The communiqué, published on the SVR’s official website, represents a rare and striking intervention by a state intelligence agency into explicitly theological territory. In language without precedent for a document of this kind, the Patriarch is branded the “Antichrist of Constantinople,” a term laden with doctrinal meaning and normally confined to polemical religious discourse, not the output of a modern security service.

At the heart of the SVR’s accusation lies the claim that Bartholomew is deliberately undermining Orthodox unity in order to weaken the Moscow Patriarchate. According to the Russian agency, this campaign began in Ukraine, where Constantinople granted autocephaly in 2019 to a new Orthodox Church independent of Moscow. Autocephaly, the right of a church to govern itself without external oversight, is one of the most sensitive issues in Orthodox canon law. Moscow has long argued that Constantinople overstepped its authority in Ukraine, while the Ecumenical Patriarchate maintains that it acted within its historical prerogatives.

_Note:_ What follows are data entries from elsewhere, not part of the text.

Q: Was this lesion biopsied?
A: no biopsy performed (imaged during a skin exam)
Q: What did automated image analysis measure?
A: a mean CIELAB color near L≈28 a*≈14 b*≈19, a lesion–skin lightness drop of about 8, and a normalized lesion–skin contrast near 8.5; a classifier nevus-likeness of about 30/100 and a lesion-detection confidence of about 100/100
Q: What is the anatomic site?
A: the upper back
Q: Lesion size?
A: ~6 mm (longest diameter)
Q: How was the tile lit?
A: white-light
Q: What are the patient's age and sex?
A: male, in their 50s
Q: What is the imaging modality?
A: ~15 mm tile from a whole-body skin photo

The SVR now alleges that Ukraine was only the first stage. The statement claims that Bartholomew has shifted his focus to the Baltic states, specifically Lithuania, Latvia, and Estonia, where Orthodox communities have historically been linked to Moscow. According to the Russian narrative, Constantinople is seeking to detach these churches from Russian jurisdiction and replace them with new ecclesial structures dependent on the Fanar, the Istanbul district that houses the Ecumenical Patriarchate.

In unusually inflammatory language, the SVR asserts that this effort is being carried out with the help of local political forces, which it labels “nationalists” and “neo-Nazis.” The agency accuses Constantinople of enticing priests and faithful to abandon Moscow-aligned jurisdictions in favor of what it calls “artificially created puppet religious structures.” Such rhetoric closely mirrors the vocabulary Moscow has used in recent years to describe governments and movements in Eastern Europe that distance themselves from Russian influence.

The communiqué opens yet another front by alleging that Bartholomew intends to recognize the autocephaly of the Orthodox Church of Montenegro. That body is not recognized as canonical by the wider Orthodox world, and any move in its favor would directly challenge the Serbian Orthodox Church, a traditional ally of Moscow and a major religious presence in the Balkans. If realized, such a decision would deepen existing fractures in a region where church affiliation, national identity, and post-Yugoslav politics remain tightly intertwined.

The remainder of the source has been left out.